По утрам он приносил мне письма Стива, которыми тот меня забрасывал теперь каждый день, беспокоясь, требуя ответа. Я пыталась их читать, но у меня не получалось, мне сразу хотелось плакать, слезы застилали глаза, не прорываясь, однако, наружу. Потом я перестала открывать письма, и они скапливались пачкой, но мне было все равно.

Однажды я все же собралась и написала две строчки Я написала, что заболела, «хотя и ничего страшного, не волнуйся, но я не могу тебе сейчас отвечать, я напишу, скоро напишу, но потом, позже. И ты тоже пока не пиши, не надо, давай оба отдохнем от писем». Я попросила Рене, и он запечатал записку в конверт и отправил.
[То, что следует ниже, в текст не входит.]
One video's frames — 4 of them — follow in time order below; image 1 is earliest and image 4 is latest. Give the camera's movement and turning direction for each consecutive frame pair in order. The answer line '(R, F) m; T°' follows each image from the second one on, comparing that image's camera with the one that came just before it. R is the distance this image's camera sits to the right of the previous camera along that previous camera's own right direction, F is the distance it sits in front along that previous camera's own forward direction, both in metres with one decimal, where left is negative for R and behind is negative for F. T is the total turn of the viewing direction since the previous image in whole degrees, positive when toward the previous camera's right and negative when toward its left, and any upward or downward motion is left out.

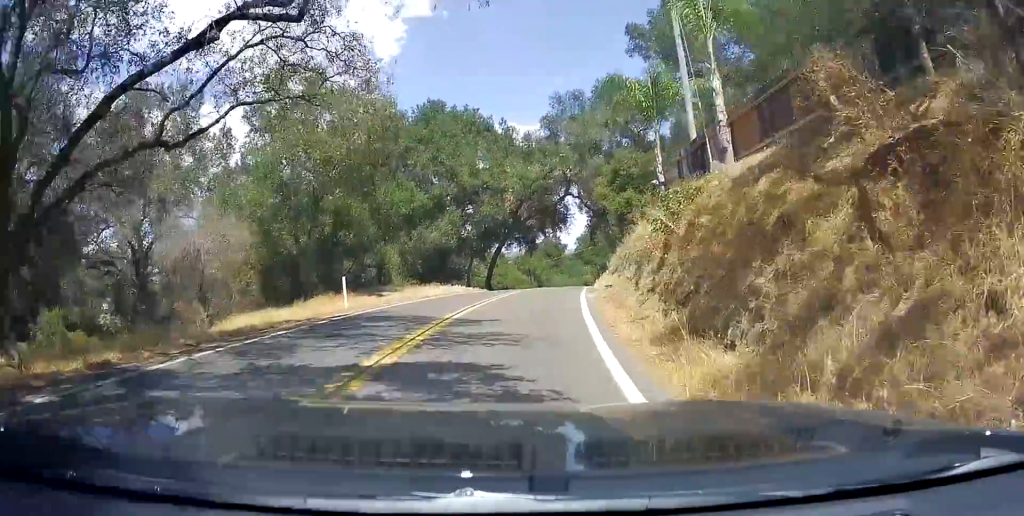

В результате мой организм настолько ослаб, что я почти перестала двигаться, а еще через пару недель стали появляться боли. Они нарастали с каждым днем, сдавливая, ломая, как будто меня пытали, только не снаружи, а изнутри, как будто у меня отбиты легкие и печень и еще что-то в середине груди, но чуть ниже, ближе к животу. Я сворачивалась калачиком, подгибая ноги и схватившись руками за живот, чтобы сдержать боль, чтобы она не разорвала меня. Но она не проходила, и я продолжала лежать на диване, как зомби, без мыслей, без чувств, только освещенная болью, и бормотать. Я даже не прислушивалась к слетавшим с губ звукам, и только потом разобрала: я бормотала итальянские слова, которыми меня называл Дино и которыми я называла его.